Go Speed Racer

2019/08/23

NetAuth makes certain assumptions around the data it works with. These assumptions are based on the knowledge of how directory and authentication systems are used, and this deserves some discussion. In this post we’ll look at the types of data that are stored in NetAuth, the access patterns, and the choices and trade-offs that have been made.

First and foremost, lets talk about data. The data that NetAuth expects to serve is mostly static. The change horizon for information such as name, number, home directory, and similar has a change interval of years, if ever. This isn’t to say it never changes, but we can make certain assumptions that the information isn’t going to change and use this to our advantage. Specifically, we can serve reads without any locking, as its very unlikely that the information will have changed on disk in a time-frame that matters to any consumer system.

Other information has similarly slow timelines for changes. Information such as group membership and group expansions is expected to change very infrequently. Group expansions specifically are really only expected to change once, when they are initially setup.

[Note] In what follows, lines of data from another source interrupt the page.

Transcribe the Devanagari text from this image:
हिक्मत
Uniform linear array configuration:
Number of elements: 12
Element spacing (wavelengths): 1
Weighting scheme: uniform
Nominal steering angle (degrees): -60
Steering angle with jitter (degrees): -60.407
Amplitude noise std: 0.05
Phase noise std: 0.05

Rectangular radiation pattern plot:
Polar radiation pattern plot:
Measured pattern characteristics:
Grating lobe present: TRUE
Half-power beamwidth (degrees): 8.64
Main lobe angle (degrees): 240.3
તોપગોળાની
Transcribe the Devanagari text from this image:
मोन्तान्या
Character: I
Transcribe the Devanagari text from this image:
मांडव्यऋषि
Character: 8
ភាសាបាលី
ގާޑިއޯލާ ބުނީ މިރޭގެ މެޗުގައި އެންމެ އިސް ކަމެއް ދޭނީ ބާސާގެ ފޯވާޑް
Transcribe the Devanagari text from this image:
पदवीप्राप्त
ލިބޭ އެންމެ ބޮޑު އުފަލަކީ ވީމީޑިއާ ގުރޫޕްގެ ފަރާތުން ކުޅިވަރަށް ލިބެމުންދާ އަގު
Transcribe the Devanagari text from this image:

Some information is allowed to change more frequently, and is expected to as well. Information such as entity secrets are expected to change on a 30 day horizon, though this is of course dependent on organizational policy and politics. Some entity metadata as well may change much more frequently, such as last successful login, or the list of SSH keys, though organizations are encouraged to use SSH certificates instead of keys.

This leads to a bug discovered by GitHub user m-wynn. The bug, present in versions prior to 0.1.4, makes NetAuth vulnerable to persisted data corruption in environments with excessively high update rates to entities and groups. Without going into deep technical details, it was previously possible that two different threads within the server would attempt to write to the same file at the same time, leading to garbage data being written to the file.

The solution to this problem is simple and involved only a small change to the PDB library in order to ensure that file writes are atomic. This still leaves the risk of two simultaneous writes fighting with each other, as the last write will “win” the race and overwrite the other one. Given the assumptions that are made around the data in the system, this risk has been deemed acceptable to the project since there isn’t a good way around it without introducing locks at the RPC layer.